Lewis v. 96 Wythe Acquisition LLC

Lewis v 96 Wythe Acquisition LLC (2022 NY Slip Op 02363)
Lewis v 96 Wythe Acquisition LLC
2022 NY Slip Op 02363
Decided on April 12, 2022
Appellate Division, First Department
Published by New York State Law Reporting Bureau pursuant to Judiciary Law § 431.
This opinion is uncorrected and subject to revision before publication in the Official Reports.


Decided and Entered: April 12, 2022
Before: Renwick, J.P., Gesmer, Singh, Rodriguez, JJ.

Index No. 23716/15E Appeal No. 15638 Case No. 2021-02500

[*1]William Lewis, Plaintiff-Respondent,

v

96 Wythe Acquisition LLC, et al., Defendants/Third-Party Plaintiffs-Appellants-Respondents, All Island Masonry & Concrete, Inc., et al., Defendant/Third-Party Defendant-Respondent-Appellant.




Hardin Kundla McKeon & Poletto PA, New York (Stephen J. Donahue of counsel), for appellants-respondents.

Correia, Conway & Stiefeld, White Plains (Michael G. Conway of counsel), for respondent-appellant.

Silberstein, Awad & Miklos, P.C., Garden City (Jeffrey Bloomfield of counsel), for respondent.



Order, Supreme Court, Bronx County (Lucindo Suarez, J.), entered on or about December 28, 2020, which, to the extent appealed from, granted plaintiff's motion for summary judgment on his common-law negligence and Labor Law §§ 200 and 240(1) claims and denied the motion of defendants 96 Wythe Acquisition LLC (96 Wythe) and Dimyon Development Corp. (Dimyon) for summary judgment dismissing plaintiff's common-law negligence and Labor Law § 200 claims as against them, for contractual indemnification from defendant/third-party defendant All Island Masonry & Concrete, Inc.'s (All Island), and dismissing All Island's cross claims, unanimously modified, on the law, plaintiff's motion denied, 96 Wythe and Dimyon's motion granted to the extent of conditionally granting 96 Wythe and Dimyon's summary judgment on the contractual indemnification claim against All Island, and otherwise affirmed without costs.
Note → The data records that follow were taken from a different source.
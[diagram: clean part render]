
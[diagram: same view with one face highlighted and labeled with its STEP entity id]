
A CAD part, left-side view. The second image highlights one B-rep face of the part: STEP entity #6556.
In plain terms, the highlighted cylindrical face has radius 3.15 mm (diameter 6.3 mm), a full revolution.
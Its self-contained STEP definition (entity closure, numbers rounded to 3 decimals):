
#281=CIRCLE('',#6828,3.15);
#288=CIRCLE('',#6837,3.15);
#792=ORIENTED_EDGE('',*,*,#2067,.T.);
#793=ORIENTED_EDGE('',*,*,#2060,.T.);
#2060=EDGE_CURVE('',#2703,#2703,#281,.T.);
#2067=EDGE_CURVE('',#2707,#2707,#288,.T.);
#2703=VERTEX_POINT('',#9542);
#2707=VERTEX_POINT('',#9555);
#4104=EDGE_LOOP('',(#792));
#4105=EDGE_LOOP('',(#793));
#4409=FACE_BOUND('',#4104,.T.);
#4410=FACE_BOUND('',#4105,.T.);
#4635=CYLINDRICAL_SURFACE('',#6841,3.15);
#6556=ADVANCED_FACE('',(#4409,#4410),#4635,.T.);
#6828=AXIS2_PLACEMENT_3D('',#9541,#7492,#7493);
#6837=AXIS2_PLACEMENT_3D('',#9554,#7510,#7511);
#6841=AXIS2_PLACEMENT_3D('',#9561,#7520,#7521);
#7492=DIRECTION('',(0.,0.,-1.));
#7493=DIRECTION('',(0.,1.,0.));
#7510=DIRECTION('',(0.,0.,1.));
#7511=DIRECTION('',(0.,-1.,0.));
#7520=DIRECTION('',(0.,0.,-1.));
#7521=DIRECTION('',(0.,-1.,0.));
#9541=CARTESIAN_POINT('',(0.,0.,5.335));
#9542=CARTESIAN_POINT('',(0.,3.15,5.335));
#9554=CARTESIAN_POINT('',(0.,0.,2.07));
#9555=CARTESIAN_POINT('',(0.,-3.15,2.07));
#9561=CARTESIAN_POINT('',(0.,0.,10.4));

The motion court should have denied plaintiff's motion for partial summary judgment as to liability under Labor Law § 240(1). Plaintiff testified at his deposition that an unsecured metal beam on a barella cart fell and struck him after a coworker moved the cart. All Island's project manager, however, testified that, in conversation after the accident, plaintiff had admitted to him that the metal beam slipped out of his hand. These two versions of how the accident happened, each given by plaintiff, the sole witness to the incident, are inconsistent with each other and give rise to an issue of fact as to whether plaintiff's accident was caused by a failure of a safety device within the purview of section 240(1) (see Albino v 221-223 W. 82 Owners Corp., 142 AD3d 799, 800-801 [1st Dept 2016]; Ellerbe v Port Auth. of N.Y. & N.J., 91 AD3d 441, 442 [1st Dept 2012]; see also Rodriguez v Margaret Tietz Ctr. for Nursing Care, 84 NY2d 841 [1994] [Labor Law § 240(1) not implicated where beam fell out of worker's hands]; Outar v City of New York, 286 AD2d 671 [2d Dept 2001], affd 5 NY3d 731 [2005]).

The motion court should also have denied plaintiff's motion with respect to the common-law negligence and Labor Law § 200 claims based on the contradictory accounts of the accident.

Summary judgment on the contractual indemnification claim against All Island must be granted conditionally rather than unconditionally, in light of the pending issues of fact as to defendants' negligence (see Aramburu v Midtown West B, LLC, 126 AD3d 498, 500-501 [1st Dept 2015]). Finally, dismissal of All Island's cross claims was properly denied. THIS CONSTITUTES THE DECISION AND ORDER

OF THE SUPREME COURT, APPELLATE DIVISION, FIRST DEPARTMENT.